There are a raft of different use cases for CBS. Some of them made sense to me straight away, some of them took a little time to bounce around in my head.

Disaster Recovery

  • Production instance on-premises
  • Replicate data to public cloud
  • Fail over in DR event
  • Fail back and recover

Lift and shift

  • Production instance on-premises
  • Replicate data to public cloud
  • Run the same architecture as before
  • Run production on CBS

Use case: Dev / test

  • Replicate data to public cloud
  • Instantiate test / dev instances in public cloud
  • Refresh test / dev periodically
  • Bring changes back on-premises
  • Snapshots are more costly and slower to restore in native AWS

ActiveCluster

  • HA within an availability zone and / or across availability zones in an AWS region (ActiveCluster needs <11ms latency)
  • No downtime when a Cloud Block Store Instance goes away or there is a zone outage
  • Pure1 Cloud Mediator Witness (simple to manage and deploy)

Migrating VMware Environments

VMware Challenges

  • AWS does not recognise VMFS
  • Replicating volumes with VMFS will not do any good

Workaround

  • Convert VMFS datastore into vVOLs
  • Now each volume has the Guest VM’s file system (NTFS, EXT3, etc)
  • Replicate VMDK vVOLs to CBS
  • Now the volumes can be mounted to EC2 with matching OS

Note: This is for the VM’s data volumes. The VM boot volume will not be usable in AWS. The VM’s application will need to be redeployed in native AWS EC2.

VMware Cloud

VMware Challenges

  • VMware Cloud does not support external storage, it only supports vSAN

Workaround

  • Connect Guest VMs directly to CBS via iSCSI

Note: I haven’t verified this myself, and I suspect there may be other ways to do this. But in the context of Pure’s offering, it makes sense.

 

Thoughts and Further Reading

There’s been a feeling in some parts of the industry for the last 5-10 years that the rise of the public cloud providers would spell the death of the traditional storage vendor. That’s clearly not been the case, but it has been interesting to see the major storage slingers evolving their product strategies to both accommodate and leverage the cloud providers in a more effective manner. Some have used the opportunity to get themselves as close as possible to the cloud providers, without actually being in the cloud. Others have deployed virtualised versions of their offerings inside public cloud and offered users the comfort of their traditional stack, but off-premises. There’s value in these approaches, for sure. But I like the way that Pure has taken it a step further and optimised its architecture to leverage some of the features of what AWS can offer from a cloud hardware perspective.
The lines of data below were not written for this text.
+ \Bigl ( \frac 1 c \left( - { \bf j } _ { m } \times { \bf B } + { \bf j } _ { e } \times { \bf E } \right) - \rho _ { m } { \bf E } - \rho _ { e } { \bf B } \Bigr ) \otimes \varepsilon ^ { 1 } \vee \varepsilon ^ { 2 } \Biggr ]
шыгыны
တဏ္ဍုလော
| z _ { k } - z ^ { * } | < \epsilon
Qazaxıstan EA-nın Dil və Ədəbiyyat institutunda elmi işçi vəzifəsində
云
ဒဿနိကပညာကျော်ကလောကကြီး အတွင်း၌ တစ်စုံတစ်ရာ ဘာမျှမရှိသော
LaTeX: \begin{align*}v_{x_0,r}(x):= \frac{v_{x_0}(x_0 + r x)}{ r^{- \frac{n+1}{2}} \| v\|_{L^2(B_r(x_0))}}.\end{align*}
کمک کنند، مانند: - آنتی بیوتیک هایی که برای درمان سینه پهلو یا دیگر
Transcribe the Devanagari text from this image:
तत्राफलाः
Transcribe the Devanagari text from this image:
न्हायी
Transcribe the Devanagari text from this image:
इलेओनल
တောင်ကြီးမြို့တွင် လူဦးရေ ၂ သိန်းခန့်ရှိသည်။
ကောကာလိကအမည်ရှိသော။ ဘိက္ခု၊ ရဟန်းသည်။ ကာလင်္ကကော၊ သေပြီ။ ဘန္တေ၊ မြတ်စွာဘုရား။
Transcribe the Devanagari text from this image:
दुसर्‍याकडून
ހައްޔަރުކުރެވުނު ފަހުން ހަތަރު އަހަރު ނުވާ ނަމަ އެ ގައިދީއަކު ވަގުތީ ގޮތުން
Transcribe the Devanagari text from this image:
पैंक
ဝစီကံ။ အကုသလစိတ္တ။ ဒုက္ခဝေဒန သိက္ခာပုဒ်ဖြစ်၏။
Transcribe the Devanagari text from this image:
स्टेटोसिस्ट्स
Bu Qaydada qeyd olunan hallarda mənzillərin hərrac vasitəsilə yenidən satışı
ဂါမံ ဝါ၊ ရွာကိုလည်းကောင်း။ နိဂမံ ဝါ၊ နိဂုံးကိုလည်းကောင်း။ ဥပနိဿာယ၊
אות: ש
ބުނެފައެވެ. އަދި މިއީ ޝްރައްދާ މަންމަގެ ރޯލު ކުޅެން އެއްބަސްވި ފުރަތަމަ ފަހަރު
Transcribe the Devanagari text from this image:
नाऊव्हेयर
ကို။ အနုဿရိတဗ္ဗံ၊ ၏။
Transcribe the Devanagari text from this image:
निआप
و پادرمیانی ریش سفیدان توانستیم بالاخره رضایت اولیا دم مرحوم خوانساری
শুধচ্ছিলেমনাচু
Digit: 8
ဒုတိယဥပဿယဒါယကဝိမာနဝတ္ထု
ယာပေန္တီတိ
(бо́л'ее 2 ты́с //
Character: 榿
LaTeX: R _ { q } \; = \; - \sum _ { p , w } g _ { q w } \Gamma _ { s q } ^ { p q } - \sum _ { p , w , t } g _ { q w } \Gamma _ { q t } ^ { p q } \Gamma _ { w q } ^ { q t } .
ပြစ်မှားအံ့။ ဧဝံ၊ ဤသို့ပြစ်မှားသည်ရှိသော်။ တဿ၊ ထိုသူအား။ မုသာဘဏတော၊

In my opinion, the main reason you’d look to leverage something like CBS on AWS is if you have an existing investment in Pure and want to keep doing things a certain way. You’re also likely using a lot of traditional VMs in AWS and want something that can improve the performance and resilience of those workloads. CBS is certainly a great way to do this. If you’re already running a raft of cloud-native applications, it’s likely that you don’t necessarily need the features on offer from CBS, as you’re already (hopefully) using them natively. I think Pure understands this though, and isn’t pushing CBS for AWS as the silver bullet for every cloud workload.
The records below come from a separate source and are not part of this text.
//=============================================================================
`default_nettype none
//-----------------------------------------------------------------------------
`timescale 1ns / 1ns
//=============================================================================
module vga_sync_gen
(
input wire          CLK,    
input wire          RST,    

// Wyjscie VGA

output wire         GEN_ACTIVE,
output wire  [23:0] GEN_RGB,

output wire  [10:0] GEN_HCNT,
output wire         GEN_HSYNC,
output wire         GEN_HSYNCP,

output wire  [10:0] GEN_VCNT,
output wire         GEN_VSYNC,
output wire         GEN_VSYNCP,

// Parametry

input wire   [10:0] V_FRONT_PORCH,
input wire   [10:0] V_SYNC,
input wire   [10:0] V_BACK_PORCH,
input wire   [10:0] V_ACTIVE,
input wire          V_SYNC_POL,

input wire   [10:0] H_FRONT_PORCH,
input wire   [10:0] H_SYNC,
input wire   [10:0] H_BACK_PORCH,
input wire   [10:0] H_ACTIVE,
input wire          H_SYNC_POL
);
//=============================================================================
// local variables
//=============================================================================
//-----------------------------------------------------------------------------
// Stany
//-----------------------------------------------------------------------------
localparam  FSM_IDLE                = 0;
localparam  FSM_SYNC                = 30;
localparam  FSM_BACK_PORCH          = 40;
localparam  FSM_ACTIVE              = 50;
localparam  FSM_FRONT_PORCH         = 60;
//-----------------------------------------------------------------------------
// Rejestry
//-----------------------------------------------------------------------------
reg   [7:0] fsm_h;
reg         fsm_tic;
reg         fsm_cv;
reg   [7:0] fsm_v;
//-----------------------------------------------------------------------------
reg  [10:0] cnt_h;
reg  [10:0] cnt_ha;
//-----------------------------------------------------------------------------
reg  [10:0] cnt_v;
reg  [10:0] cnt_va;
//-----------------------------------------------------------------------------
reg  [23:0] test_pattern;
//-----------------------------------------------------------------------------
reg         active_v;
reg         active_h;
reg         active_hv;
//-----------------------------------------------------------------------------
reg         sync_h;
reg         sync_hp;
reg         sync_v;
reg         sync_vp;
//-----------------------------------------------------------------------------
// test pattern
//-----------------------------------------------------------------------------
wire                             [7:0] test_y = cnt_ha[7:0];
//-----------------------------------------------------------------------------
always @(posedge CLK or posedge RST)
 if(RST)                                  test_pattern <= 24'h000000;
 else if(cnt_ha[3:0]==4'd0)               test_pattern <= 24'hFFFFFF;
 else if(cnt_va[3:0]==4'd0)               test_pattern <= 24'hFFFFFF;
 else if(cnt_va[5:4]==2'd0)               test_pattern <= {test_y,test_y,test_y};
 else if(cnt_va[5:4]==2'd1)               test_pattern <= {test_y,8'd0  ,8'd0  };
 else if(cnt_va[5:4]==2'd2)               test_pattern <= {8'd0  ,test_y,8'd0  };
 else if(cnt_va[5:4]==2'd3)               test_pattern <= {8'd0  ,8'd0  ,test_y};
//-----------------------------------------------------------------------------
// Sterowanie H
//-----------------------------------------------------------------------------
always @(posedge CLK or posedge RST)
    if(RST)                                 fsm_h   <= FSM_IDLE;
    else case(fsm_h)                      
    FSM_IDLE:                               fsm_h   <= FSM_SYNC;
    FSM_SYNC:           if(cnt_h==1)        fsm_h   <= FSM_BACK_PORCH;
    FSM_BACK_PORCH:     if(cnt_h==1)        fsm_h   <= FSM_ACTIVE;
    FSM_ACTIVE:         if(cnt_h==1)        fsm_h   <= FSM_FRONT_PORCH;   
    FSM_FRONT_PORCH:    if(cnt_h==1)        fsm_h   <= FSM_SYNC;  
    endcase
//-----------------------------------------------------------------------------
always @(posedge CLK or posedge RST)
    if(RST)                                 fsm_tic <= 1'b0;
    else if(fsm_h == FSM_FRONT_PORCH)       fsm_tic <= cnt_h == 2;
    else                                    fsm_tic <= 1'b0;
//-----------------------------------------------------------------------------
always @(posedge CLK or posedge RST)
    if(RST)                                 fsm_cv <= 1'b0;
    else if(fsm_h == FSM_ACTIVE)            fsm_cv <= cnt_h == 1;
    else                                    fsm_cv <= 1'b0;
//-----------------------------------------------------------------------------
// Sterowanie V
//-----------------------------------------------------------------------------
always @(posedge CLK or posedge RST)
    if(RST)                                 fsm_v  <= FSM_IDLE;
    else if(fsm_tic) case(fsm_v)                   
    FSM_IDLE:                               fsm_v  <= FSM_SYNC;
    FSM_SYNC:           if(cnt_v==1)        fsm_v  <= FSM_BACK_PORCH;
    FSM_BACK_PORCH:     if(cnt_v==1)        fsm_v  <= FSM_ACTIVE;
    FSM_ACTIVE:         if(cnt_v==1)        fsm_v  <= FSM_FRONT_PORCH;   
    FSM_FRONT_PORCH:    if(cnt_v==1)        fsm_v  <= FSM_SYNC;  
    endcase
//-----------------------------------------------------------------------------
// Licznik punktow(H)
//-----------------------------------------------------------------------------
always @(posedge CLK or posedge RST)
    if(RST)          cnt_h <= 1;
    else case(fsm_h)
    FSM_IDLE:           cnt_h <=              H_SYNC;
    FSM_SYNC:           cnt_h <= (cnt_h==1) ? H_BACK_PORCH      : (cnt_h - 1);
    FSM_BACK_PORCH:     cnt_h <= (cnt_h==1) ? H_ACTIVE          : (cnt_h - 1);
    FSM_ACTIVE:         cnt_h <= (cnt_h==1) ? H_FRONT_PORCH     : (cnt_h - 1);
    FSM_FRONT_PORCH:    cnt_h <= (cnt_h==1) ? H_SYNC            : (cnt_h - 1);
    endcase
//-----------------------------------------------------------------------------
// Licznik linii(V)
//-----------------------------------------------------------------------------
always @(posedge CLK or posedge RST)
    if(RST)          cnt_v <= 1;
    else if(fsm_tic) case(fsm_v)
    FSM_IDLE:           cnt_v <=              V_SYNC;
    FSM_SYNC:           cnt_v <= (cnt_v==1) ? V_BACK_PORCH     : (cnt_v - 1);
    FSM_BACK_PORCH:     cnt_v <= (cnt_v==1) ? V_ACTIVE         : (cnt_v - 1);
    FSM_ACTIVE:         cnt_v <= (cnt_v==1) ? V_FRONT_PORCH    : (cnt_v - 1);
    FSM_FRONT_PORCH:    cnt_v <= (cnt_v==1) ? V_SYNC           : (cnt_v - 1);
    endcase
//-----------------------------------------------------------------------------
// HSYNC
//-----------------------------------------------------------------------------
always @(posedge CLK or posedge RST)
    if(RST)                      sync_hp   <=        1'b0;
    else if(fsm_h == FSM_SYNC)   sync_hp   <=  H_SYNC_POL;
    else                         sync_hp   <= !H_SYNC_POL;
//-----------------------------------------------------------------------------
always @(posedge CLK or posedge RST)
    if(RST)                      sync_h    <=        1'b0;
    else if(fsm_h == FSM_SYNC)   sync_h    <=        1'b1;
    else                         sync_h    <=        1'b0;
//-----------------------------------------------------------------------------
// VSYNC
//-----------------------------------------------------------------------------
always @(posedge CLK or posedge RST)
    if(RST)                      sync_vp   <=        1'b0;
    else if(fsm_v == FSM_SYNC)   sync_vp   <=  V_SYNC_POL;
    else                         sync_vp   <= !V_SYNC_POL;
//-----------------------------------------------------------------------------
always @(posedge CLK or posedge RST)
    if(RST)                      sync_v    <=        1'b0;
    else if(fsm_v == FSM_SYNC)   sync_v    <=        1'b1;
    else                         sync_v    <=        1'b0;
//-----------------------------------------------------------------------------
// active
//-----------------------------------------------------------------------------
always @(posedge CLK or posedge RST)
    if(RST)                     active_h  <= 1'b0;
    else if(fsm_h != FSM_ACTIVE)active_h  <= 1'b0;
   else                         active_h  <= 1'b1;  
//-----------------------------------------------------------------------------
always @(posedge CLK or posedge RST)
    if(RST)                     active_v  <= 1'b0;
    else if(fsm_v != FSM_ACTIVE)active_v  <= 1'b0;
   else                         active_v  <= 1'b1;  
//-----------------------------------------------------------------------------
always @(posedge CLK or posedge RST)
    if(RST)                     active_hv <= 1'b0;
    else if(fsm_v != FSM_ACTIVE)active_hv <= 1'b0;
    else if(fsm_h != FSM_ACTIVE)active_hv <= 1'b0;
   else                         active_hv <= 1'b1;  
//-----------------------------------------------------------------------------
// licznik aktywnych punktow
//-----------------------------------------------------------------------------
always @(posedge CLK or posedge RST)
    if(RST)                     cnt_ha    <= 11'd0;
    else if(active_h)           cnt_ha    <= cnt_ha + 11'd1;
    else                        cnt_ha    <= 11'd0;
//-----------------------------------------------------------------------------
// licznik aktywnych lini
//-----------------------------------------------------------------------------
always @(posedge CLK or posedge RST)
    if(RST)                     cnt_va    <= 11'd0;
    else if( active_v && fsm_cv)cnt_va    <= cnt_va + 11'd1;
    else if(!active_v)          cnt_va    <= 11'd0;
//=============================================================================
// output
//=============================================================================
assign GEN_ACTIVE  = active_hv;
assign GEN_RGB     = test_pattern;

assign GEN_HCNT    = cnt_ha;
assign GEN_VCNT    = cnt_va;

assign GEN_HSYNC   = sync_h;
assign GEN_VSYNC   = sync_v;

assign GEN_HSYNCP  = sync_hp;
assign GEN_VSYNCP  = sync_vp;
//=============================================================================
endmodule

I’m looking forward to seeing what the market uptake on this product is like. I’m also keen to crunch the numbers on running this type of solution versus the cost associated with doing something on-premises or via other means. In any case, I’m looking forward to see how this capability evolves over time, and I think CBS on AWS is definitely worthy of further consideration.